The land we call America isn't just one nation. New England is still a colony
of an England ruled over by the Lord Protector. The slave states of the south
are the Crown Colonies, ruled over by the King in exile. In the middle is the
United States, struggling to exist half slave and half free. This story,
however, takes place in Nueva Barcelona -- once called New Orleans, when the
French founded it.
To this city comes Alvin Smith, the seventh son of a seventh son, who makes
his living as a journeyman blacksmith; and beside him is Arthur Stuart, a free
young man, half white and half black, pretending to be Alvin's servant while
they're in slave country. They're on a mission here, and they're determined to
accomplish it ... if they can figure out what it is.
"Walking on Water" is the first third of The Crystal City, the
penultimate novel in the Tales of Alvin Maker. It will be serialized on the
Hatrack River site in 14 parts, a new one appearing every five days or so. (The
first two parts of this serialization appeared previously in The Rhinoceros
Times.)
Arthur Stuart saw at once that the name "Frenchman's Dock" was meant as a
cruel irony. Compared to the miles-long dock along the Mizzippy, this shabby
jetty on Lake Pontchartrain was pathetic. Several dozen shrimpboats were tied up
to it, and more were coming in, the shrimpers shouting and answering to help
each other find their way in the fog. All of them spoke in French, a language in
which Arthur was becoming quite fluent, though he suspected the French he was
learning here in Nouveau Orleans was not quite the same French that Calvin would
have heard in Paris.
There was no room on that busy wharf for fifty children, so Moose and
Squirrel kept their family loitering back around the fish houses, trying to stay
out of the way. Many of the shrimpers had already heard what was happening
tonight. Either they'd come along or not, but there was no debating or
discussing it. Everyone stepped around the children and made no comment about
their presence there. Even if they wouldn't follow Dead Mary out of the city,
they wouldn't dare stand in her way, either.
Blacks began arriving, too, staying even farther out of the way.

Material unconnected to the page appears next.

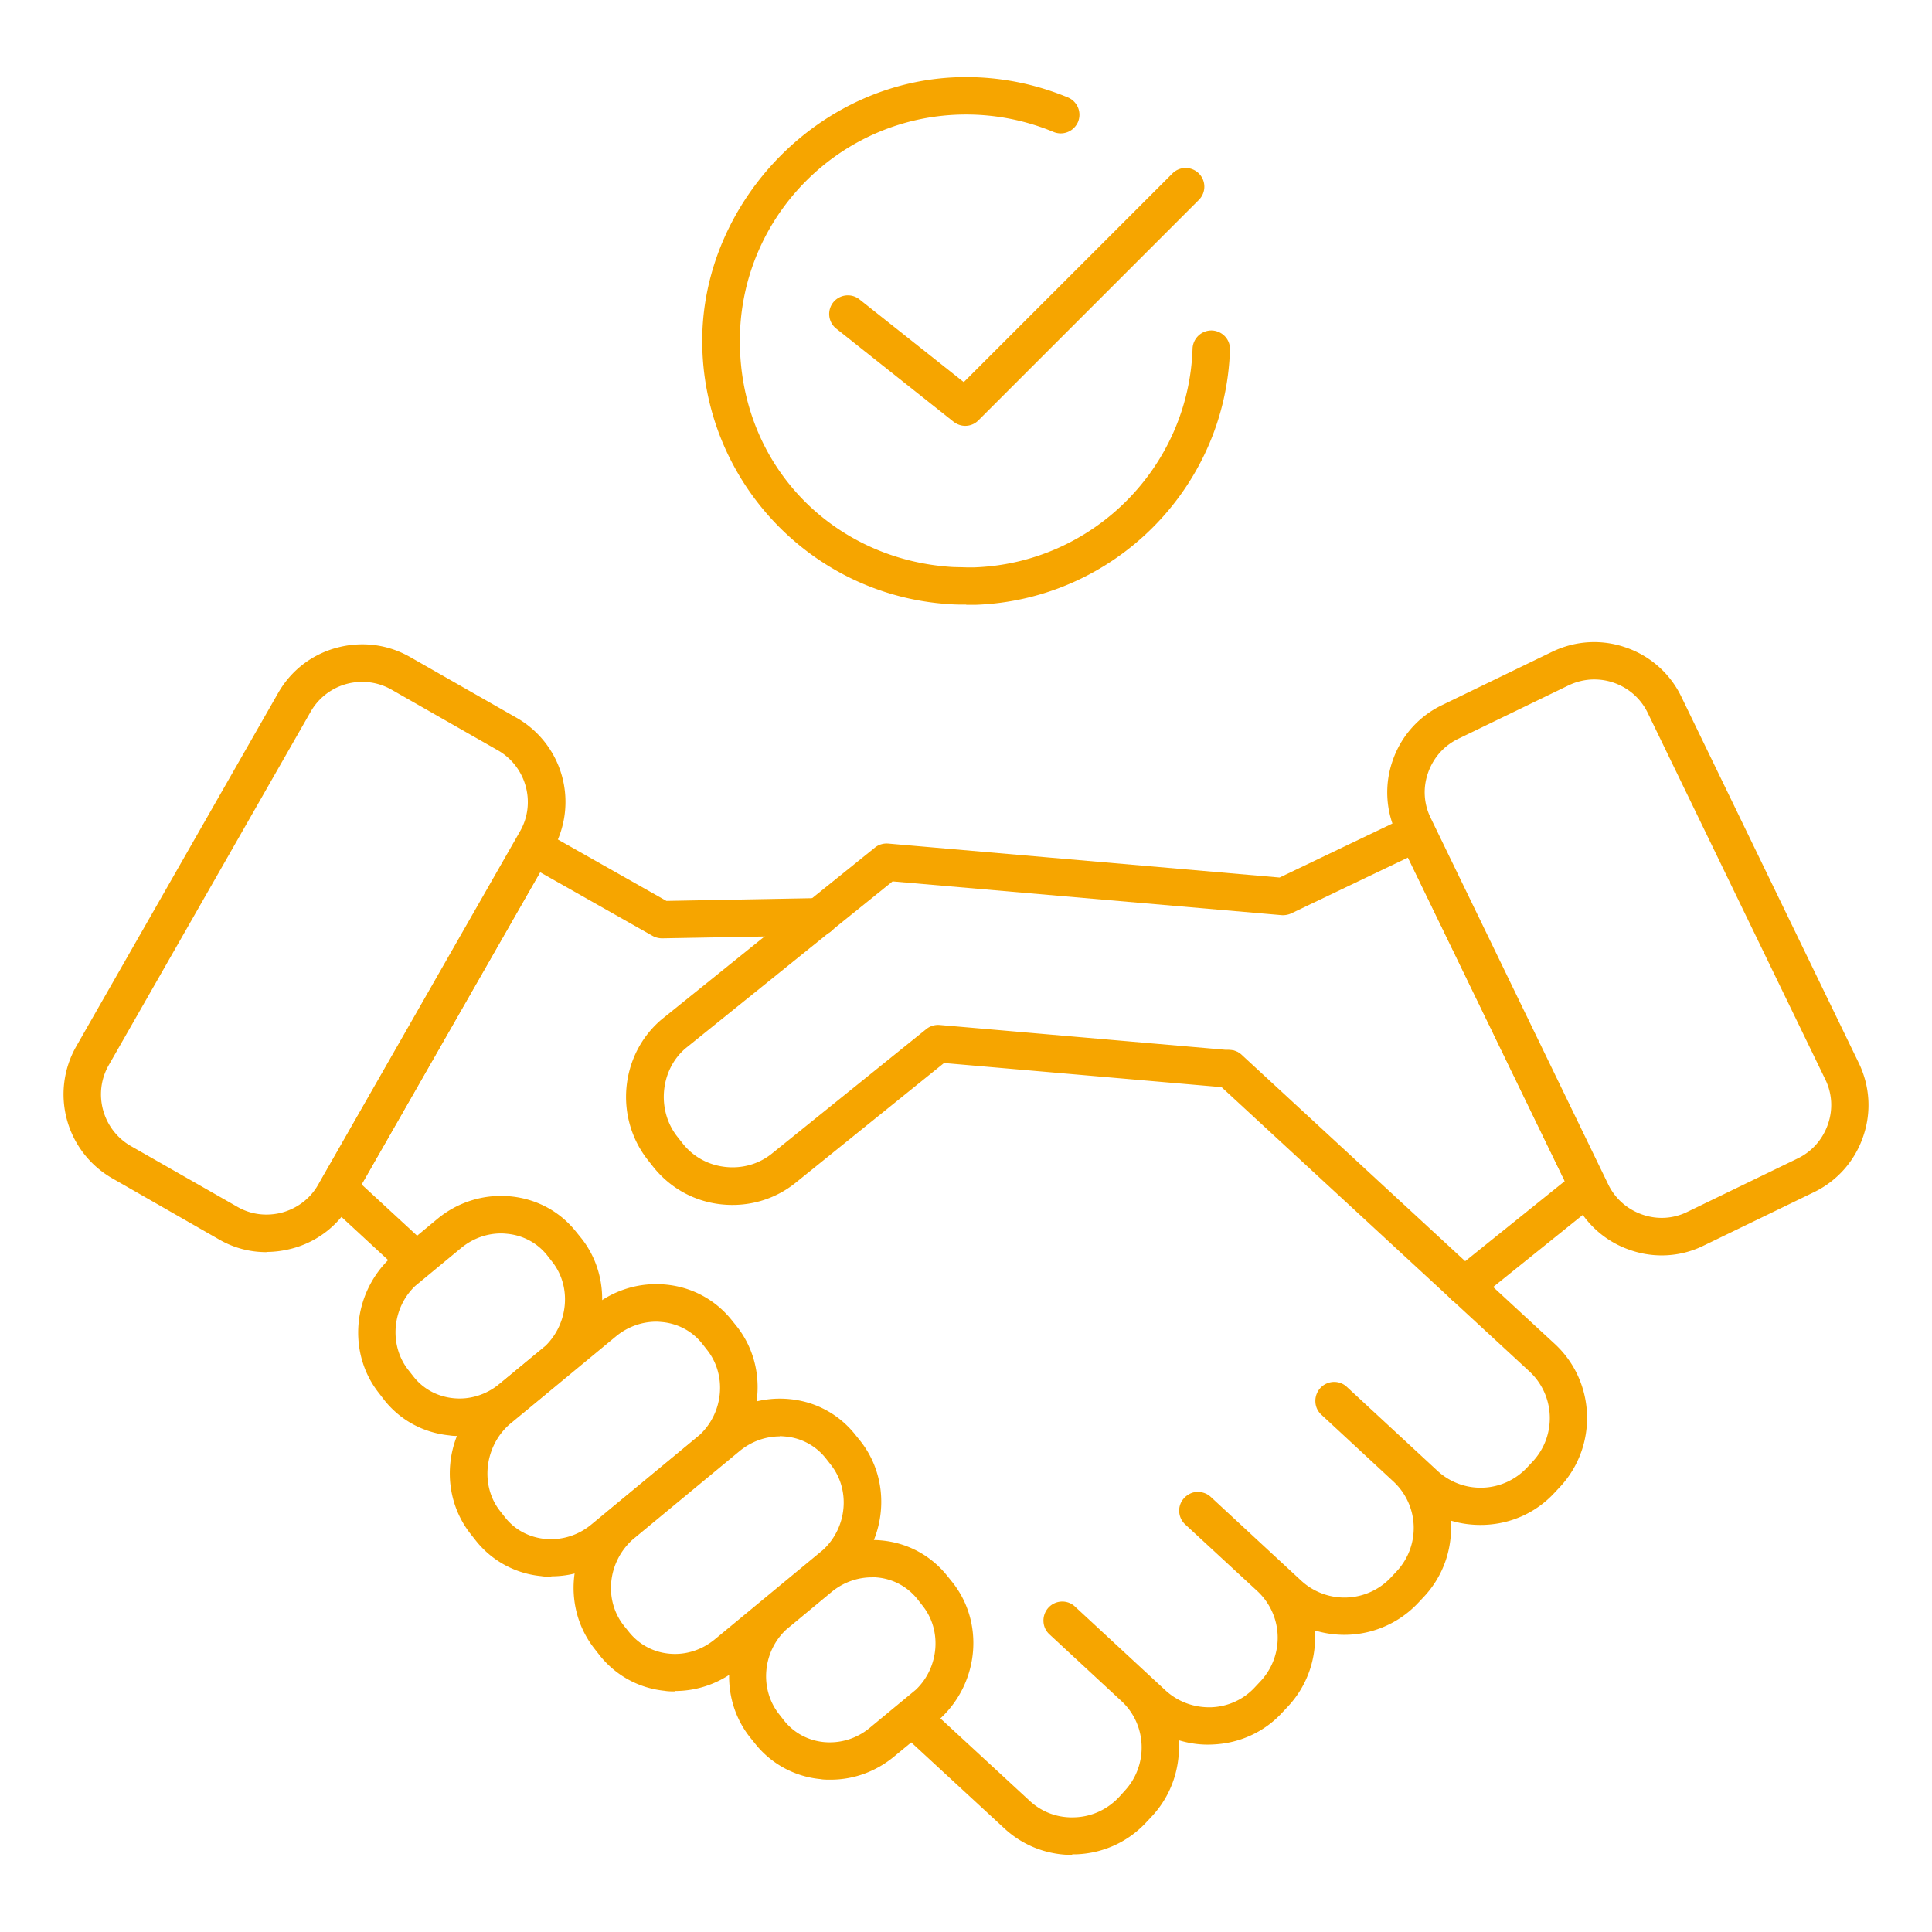 <svg xmlns="http://www.w3.org/2000/svg" id="ZXNwWQsx__Calque_1" data-name="Calque 1" version="1.1" viewBox="0 0 95 95"><defs><style>.ZXNwWQsx__cls-1{fill:#f6a500;stroke-width:0}</style></defs><path d="M81.71 61.73c-.53 0-1.06-.09-1.57-.27a4.72 4.72 0 0 1-2.72-2.41l-8.73-18.02a4.72 4.72 0 0 1-.21-3.63 4.72 4.72 0 0 1 2.41-2.72l5.43-2.63c1.14-.55 2.43-.63 3.63-.21a4.72 4.72 0 0 1 2.72 2.41l8.73 18.02c.55 1.14.63 2.43.21 3.63a4.72 4.72 0 0 1-2.41 2.72l-5.43 2.63c-.65.32-1.35.48-2.06.48m-3.32-28.32c-.43 0-.86.1-1.26.29l-5.43 2.63c-.7.34-1.22.93-1.48 1.67s-.21 1.53.13 2.22l8.73 18.02c.34.7.93 1.22 1.67 1.48s1.53.21 2.22-.13l5.43-2.63c.7-.34 1.22-.93 1.48-1.67s.21-1.53-.13-2.22l-8.73-18.02c-.34-.7-.93-1.22-1.67-1.48-.32-.11-.64-.16-.97-.16ZM13.1 61.57c-.82 0-1.62-.21-2.34-.63l-5.24-3a4.76 4.76 0 0 1-1.77-6.49l9.93-17.38c.63-1.1 1.65-1.89 2.88-2.22s2.51-.17 3.61.46l5.24 2.99a4.76 4.76 0 0 1 1.77 6.49l-9.93 17.38a4.7 4.7 0 0 1-2.88 2.22c-.42.11-.84.17-1.26.17Zm4.72-28.04a2.905 2.905 0 0 0-2.54 1.46L5.35 52.37c-.8 1.39-.31 3.18 1.08 3.98l5.24 2.99c.67.39 1.46.48 2.21.28.75-.21 1.38-.69 1.76-1.36l9.93-17.38c.8-1.39.31-3.18-1.08-3.98l-5.24-2.99c-.44-.25-.93-.38-1.43-.38" class="ZXNwWQsx__cls-1"/><path d="M20.02 62.49c-.22 0-.45-.08-.62-.24l-3.41-3.15a.9.9 0 0 1-.17-1.13l9.6-16.78c.25-.44.81-.59 1.25-.34l6.1 3.45 7.5-.14c.52 0 .93.4.94.9 0 .51-.39.93-.9.94l-7.75.14c-.16 0-.33-.04-.47-.12l-5.53-3.13-8.78 15.35 2.87 2.65c.37.34.4.93.05 1.3-.18.2-.43.3-.68.3M52.73 91.21c-1.25 0-2.44-.46-3.36-1.32l-4.7-4.34a.92.92 0 0 1-.05-1.3c.35-.37.93-.4 1.3-.05l4.7 4.34c.61.57 1.4.86 2.24.82.83-.03 1.6-.39 2.17-1l.28-.31c1.16-1.26 1.09-3.23-.15-4.39l-3.56-3.3a.9.9 0 0 1-.29-.63c-.02-.37.19-.73.53-.89s.74-.1 1.01.15l4.46 4.13c.61.56 1.4.85 2.24.83.83-.03 1.6-.38 2.16-.99l.3-.32a3.13 3.13 0 0 0-.17-4.39l-3.56-3.29c-.26-.24-.36-.61-.26-.94.09-.3.34-.54.64-.63.31-.08.64 0 .87.21l4.46 4.13a3.135 3.135 0 0 0 4.41-.17l.29-.31a3.12 3.12 0 0 0-.16-4.39l-3.56-3.3a.9.9 0 0 1-.29-.63c-.02-.37.19-.73.53-.89s.74-.1 1.01.15l4.46 4.13a3.125 3.125 0 0 0 4.41-.16l.3-.32a3.13 3.13 0 0 0-.17-4.39L59.81 53.22a.92.92 0 0 1-.05-1.3c.35-.37.93-.4 1.3-.05L76.47 66.1c1.99 1.86 2.1 4.99.26 6.99l-.3.32c-.89.96-2.11 1.52-3.44 1.57-.57.02-1.13-.05-1.65-.21.09 1.32-.33 2.67-1.3 3.72l-.29.31a4.98 4.98 0 0 1-5.1 1.37 4.94 4.94 0 0 1-1.3 3.72l-.3.32c-.88.96-2.11 1.52-3.43 1.57-.57.03-1.13-.05-1.66-.21.09 1.32-.34 2.68-1.3 3.72l-.29.31c-.9.97-2.12 1.53-3.45 1.58h-.2ZM27.11 77.53c-.17 0-.33 0-.5-.03a4.66 4.66 0 0 1-3.2-1.73l-.26-.33c-1.6-2.02-1.31-4.99.66-6.76 0 0 .05-.04.06-.05l5.25-4.34a4.89 4.89 0 0 1 3.66-1.12c1.27.13 2.4.75 3.19 1.73l.25.31c1.58 1.99 1.32 4.94-.59 6.71-.02.02-.04.03-.06.05l-5.31 4.39c-.91.75-2.01 1.15-3.15 1.15Zm5.16-12.54c-.71 0-1.41.25-1.98.72l-5.25 4.34c-1.23 1.1-1.43 3.01-.45 4.25l.26.33c.47.59 1.16.96 1.94 1.04.82.08 1.64-.17 2.29-.71l5.31-4.39c1.19-1.1 1.36-2.95.38-4.19l-.25-.32c-.48-.6-1.17-.97-1.94-1.05-.11-.01-.21-.02-.32-.02Z" class="ZXNwWQsx__cls-1"/><path d="M33.19 83.17c-.17 0-.34 0-.51-.03-1.27-.13-2.4-.75-3.19-1.74l-.25-.32c-1.59-2.01-1.32-4.96.61-6.73l.08-.07 5.27-4.36a4.9 4.9 0 0 1 3.66-1.12c1.27.13 2.4.75 3.19 1.74l.25.31c1.58 1.99 1.32 4.94-.59 6.71-.01.01-.05.04-.06.05L36.34 82c-.9.75-2.01 1.15-3.15 1.15Zm5.16-12.54c-.71 0-1.41.25-1.98.72l-5.27 4.36c-1.23 1.12-1.41 2.98-.42 4.23l.25.31c.48.6 1.17.98 1.94 1.06.82.09 1.64-.17 2.29-.71l5.31-4.39c1.19-1.1 1.36-2.95.38-4.19l-.25-.32c-.48-.6-1.17-.98-1.94-1.06-.11-.01-.21-.02-.32-.02Z" class="ZXNwWQsx__cls-1"/><path d="M40.83 87.51c-.17 0-.34 0-.5-.03a4.66 4.66 0 0 1-3.19-1.73l-.25-.31c-1.58-1.98-1.33-4.92.57-6.69l2.27-1.88a4.9 4.9 0 0 1 3.66-1.12c1.27.13 2.4.75 3.19 1.74l.25.31c1.57 1.97 1.32 4.9-.56 6.67l-2.29 1.89c-.9.75-2 1.15-3.14 1.15Zm2.04-9.95c-.71 0-1.41.25-1.98.72l-2.23 1.85c-1.16 1.08-1.33 2.92-.35 4.16l.25.32c.48.6 1.17.97 1.94 1.05.82.08 1.64-.17 2.28-.71l2.25-1.86c1.14-1.08 1.31-2.92.33-4.14l-.25-.32c-.48-.6-1.17-.98-1.94-1.06-.11-.01-.21-.02-.32-.02ZM22.59 70.61c-.17 0-.33 0-.5-.03-1.27-.13-2.4-.74-3.19-1.73l-.26-.34c-1.56-1.96-1.32-4.89.56-6.66l2.29-1.9a4.9 4.9 0 0 1 3.64-1.12c1.27.13 2.4.74 3.19 1.73l.26.32c1.56 1.96 1.32 4.88-.53 6.65-.02.01-.03.03-.05.04l-2.26 1.88c-.91.75-2.01 1.15-3.15 1.15Zm2.05-9.96c-.71 0-1.4.25-1.97.72l-2.25 1.86c-1.14 1.08-1.31 2.92-.33 4.15l.26.33c.47.59 1.16.96 1.93 1.04.82.09 1.64-.17 2.29-.71l2.24-1.85c1.15-1.12 1.3-2.94.34-4.15l-.25-.32c-.48-.6-1.17-.97-1.94-1.05-.1-.01-.21-.02-.31-.02ZM72 64.15c-.27 0-.54-.12-.72-.34a.91.91 0 0 1 .14-1.29l5.52-4.44-7.71-15.91-5.73 2.74q-.225.105-.48.09l-19.13-1.66-10.17 8.2c-1.26 1.06-1.45 3.06-.4 4.37l.26.33c.52.65 1.26 1.05 2.09 1.14s1.65-.14 2.29-.66l7.59-6.12c.19-.15.42-.22.66-.2l14.29 1.24c.51.04.88.49.84 1s-.49.88-1 .84l-13.92-1.21-7.3 5.89c-1.03.83-2.33 1.2-3.65 1.06s-2.5-.79-3.33-1.82l-.26-.33c-1.69-2.11-1.39-5.22.66-6.95l10.48-8.44c.18-.15.42-.22.66-.2l19.24 1.67 6.33-3.03c.46-.22 1-.03 1.23.43l8.43 17.4c.19.39.08.85-.25 1.12l-6.09 4.9a.9.9 0 0 1-.58.2ZM47.51 29.73c-.26 0-.53 0-.79-.02-6.84-.41-12.19-6.1-12.19-12.95S40.35 3.79 47.5 3.79c1.73 0 3.41.34 5.01 1 .47.2.69.73.5 1.2-.2.47-.73.69-1.2.5a11.2 11.2 0 0 0-4.3-.86c-6.14 0-11.13 4.99-11.13 11.13s4.59 10.76 10.45 11.12c.23.01.48.01.72.02h.32c5.86-.19 10.58-4.92 10.77-10.76a.93.93 0 0 1 .95-.89c.51.02.91.44.89.95-.22 6.81-5.73 12.31-12.53 12.54h-.43Z" class="ZXNwWQsx__cls-1"/><path d="M47.46 20.94c-.2 0-.4-.07-.57-.2l-5.77-4.58a.92.92 0 0 1-.15-1.29c.32-.4.9-.46 1.29-.15l5.13 4.07L57.65 8.53c.36-.36.94-.36 1.3 0s.36.94 0 1.3L48.11 20.67c-.18.18-.41.27-.65.27" class="ZXNwWQsx__cls-1"/></svg>

Like the
children, they carried bags and sacks, but it was a sad thing to see how little
they had, considering that most of them were carrying all they owned in the
world. The blacks who did get in some shrimper's path were met with a growl or a
bark to get out of the way; it was clear that even among the oppressed French,
blacks had a lower status still.
Flies hovered and swarmed everywhere, there being plenty to feast on for them
amid the shrimp offal discarded all along the shore. Skeeters, too, and Arthur
Stuart could imagine that with all the people gathering here those little
bloodsuckers would probably drink their fill till they bloated up and exploded.
He could imagine the sound of it, like distant gunfire, the pop pop pop of
busted skeeters.
Only he didn't want them sucking blood out of these children.
He tried to get his doodlebug inside a skeeter, but it wouldn't hold still.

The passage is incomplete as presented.